Ser Sustentável é Possível
Por @rafacarvalho01
Em um passado bem recente, a indústria da moda era uma das que mais poluía o planeta, sabiam disso? Tingimentos, processos químicos para a manipulação do couro, estamparia, lavagens (e re-lavagens sucessivas) de jeans, enfim, todos estes processos geram resíduos, bem tóxicos para a natureza, e não existia qualquer preocupação sobre como tudo isso era descartado no meio ambiente. Até alguns anos atrás, ainda era possível ver em países em desenvolvimento (como nós), lavouras e riachos azuis, lindos, mas era o resultado do descarte irregular da química usada no tingimento do jeans. Isso para citar somente um exemplo.
Hoje em dia, quase todos estes processos têm o descarte controlado pelos governos dos países, como qualquer outro descarte químico deve ter, mas claro, não é possível afirmar que isso ainda não continue acontecendo aqui, e em localidades em situação de subdesenvolvimento tecnológico e fabril.
A moda vem tentando se redimir com o planeta faz algum tempo e aparentemente está conseguindo.
Seguindo a máxima de que pequenas ações podem modificar o mundo, muitas marcas de grande importância nacional e internacionalmente tomam atitudes que podem modificar um pouco o panorama da destruição ambiental.
Recentemente a Billabong (que é Australiana) fez uma parceria com uma indústria de bebidas nacional e reutiliza garrafas PET em seu processo de fabricação de tecidos, revertendo toneladas de PETs que seriam descartadas no ambiente em tecido. Existem ainda linhas orgânicas com fabricação de fibras vegetais de fontes alternativas, como o bambu, por exemplo.

Produtos Billabong feitos com reaproveitamento de garrafas PET
Muito se pode fazer pelo sócio ambiental também. Viviene Westwood desembarcou recentemente na África para ensinar mulheres carentes do Quênia a reaproveitar materiais – uma grande alternativa para frear consumo excessivo – e produziu uma linha de bolsas juntamente com a comunidade, criando empregos no local, ensinando um trabalho e gerando renda.
Bolsas criadas por mulheres carentes no Quênia com aulas de Viviene Westwood
É paradoxal a moda lutar contra o consumo exagerado, uma vez que sua fonte de renda é justamente o consumo. Quando mais se consome moda, assim como em outros seguimentos da indústria, mais recursos do planeta são utilizados. Talvez especificamente a moda, sempre precisará de matéria orgânica para funcionar, uma vez que, mesmo os tecidos sintéticos como poliéster – que é usado em larguíssima escala – é proveniente de uma fonte de energia que um dia vai acabar que é o petróleo.

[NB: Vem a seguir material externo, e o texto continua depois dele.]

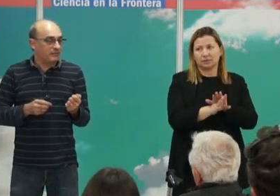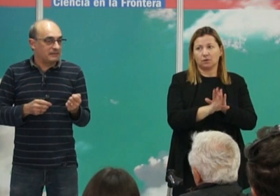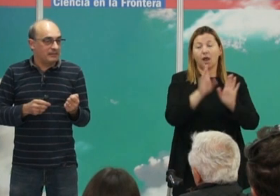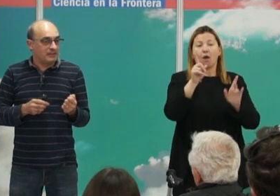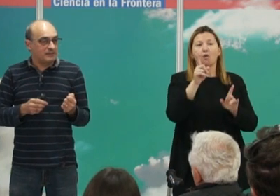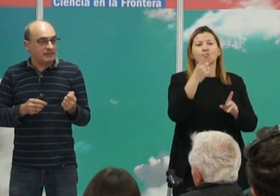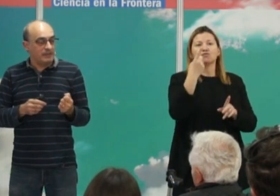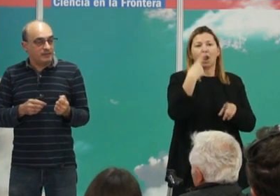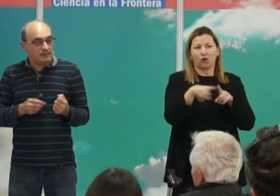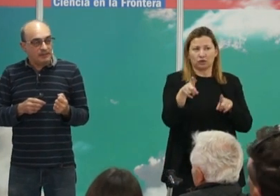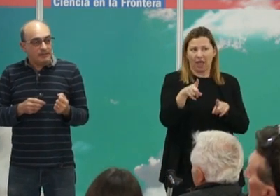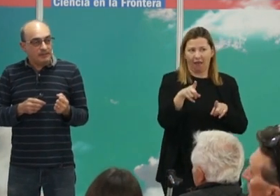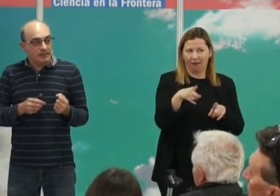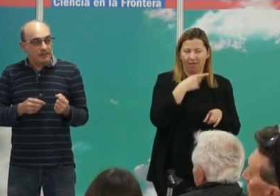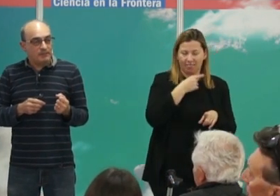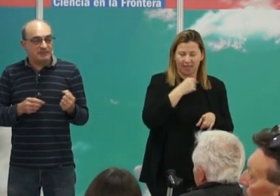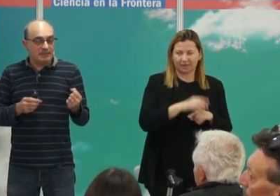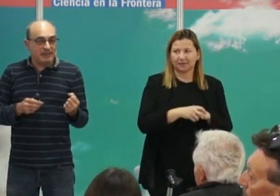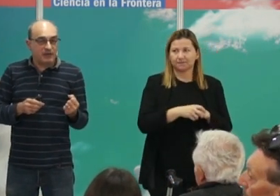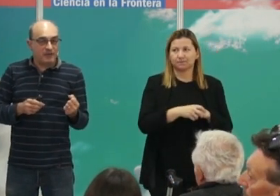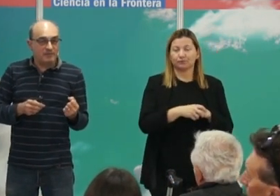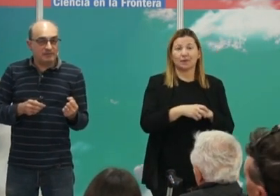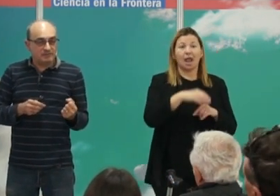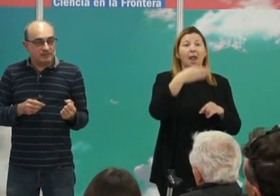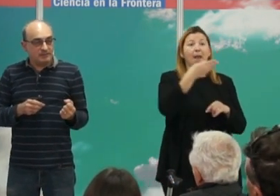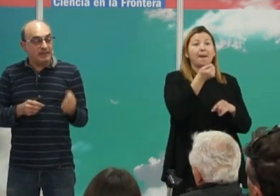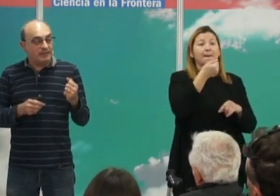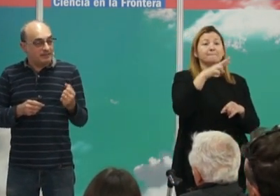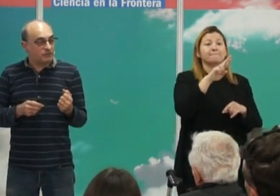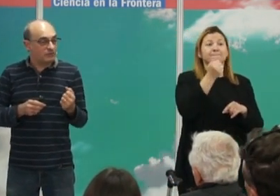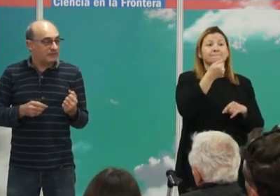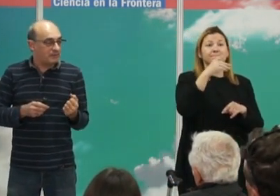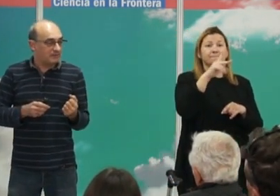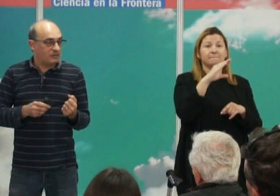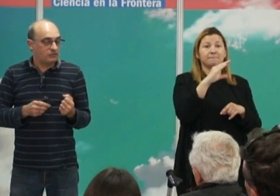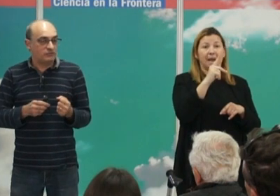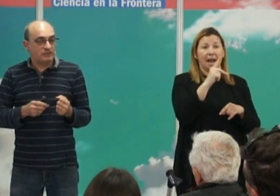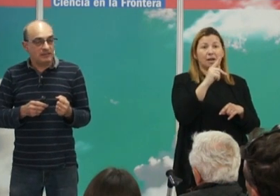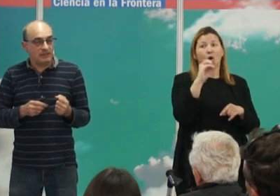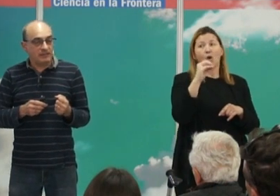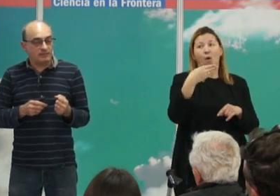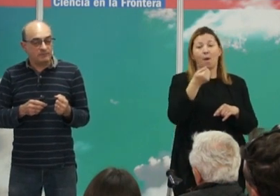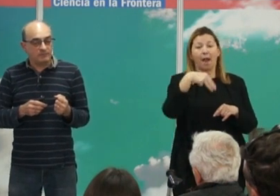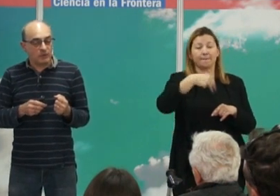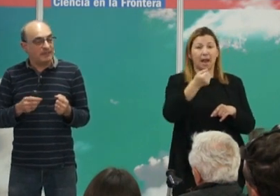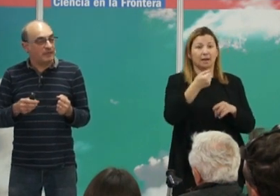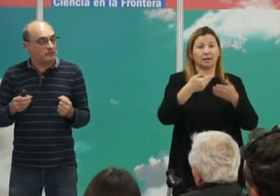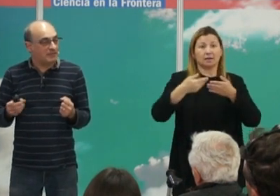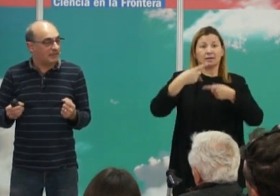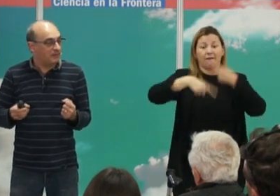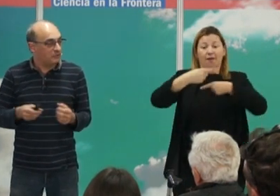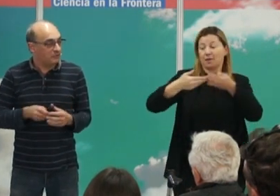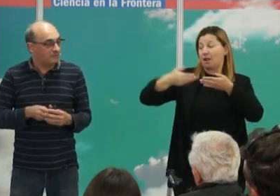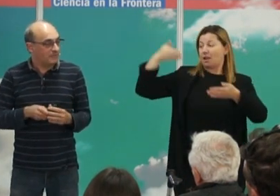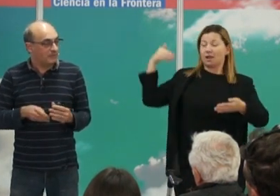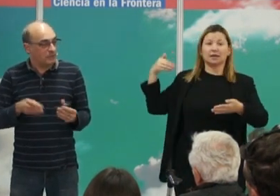una cosa divertida es que el presidente Barack Obama tiene entre sus antepasados propietarios

Inúmeros projetos são lançados quase que por dia, e um que merece nossa atenção também é o SSE. Ser Sustentável com Estilo, de Chiara Gadaleta, que nasce com a missão de “unir as esferas da moda ao desenvolvimento sustentável” como explica em seu próprio site. A missão do SSE é desenvolver atividades dentro da moda que possam mudar o panorama para melhor, como atividades que incluam e dêem apoio as mais diferentes esferas de trabalho da moda, com preços justos, materiais sustentáveis, e condições de trabalho dignas.
Conheça um pouco mais do instituto:
Outro ponto importante para Chiara é praticar o que chama de UPcycling, que consiste em descarte consciente de peças, uso de peças de segunda mão, e até mesmo o consumo de peças de brechó, afinal essa peças já passaram pelo processo de fabricação e o seu consumo significa menos uma peça nova sendo fabricada pela industria, e cada peça a menos, menos resíduos (lixo) a indústria vai gerar.
Na última edição da Casa de Criadores Gustavo Silvestre levantou esse ponto na apresentação de seu verão 2012. Se utilizando do reaproveitamento do jeans para dar vida a sua coleção, o estilista mostrou a vídeo-performance de Chiara, trazendo a tona a discussão de como imagem de moda e beleza não estão conectadas ao tipo de material utilizado, e que é possível construir uma bela imagem mesmo se valendo da reciclagem de materiais. Confira:
Estes são pequenos exemplos que podemos tomar como ponto de partida para novas atitudes, novos hábitos com relação ao consumo desenfreado. É sempre bom ter em mente a consciência antes de comprar um produto novo. Precisamos mesmo dele? Qual a origem do produto? Ele foi feito em condições de trabalho justas?
Enfim, não precisamos virar ativistas do dia pra noite, mas mudar algumas coisas do nosso cotidiano que talvez nem mudem nosso dia a dia em nada, mas são uma super mão na roda para o planeta. E todo mundo agradece.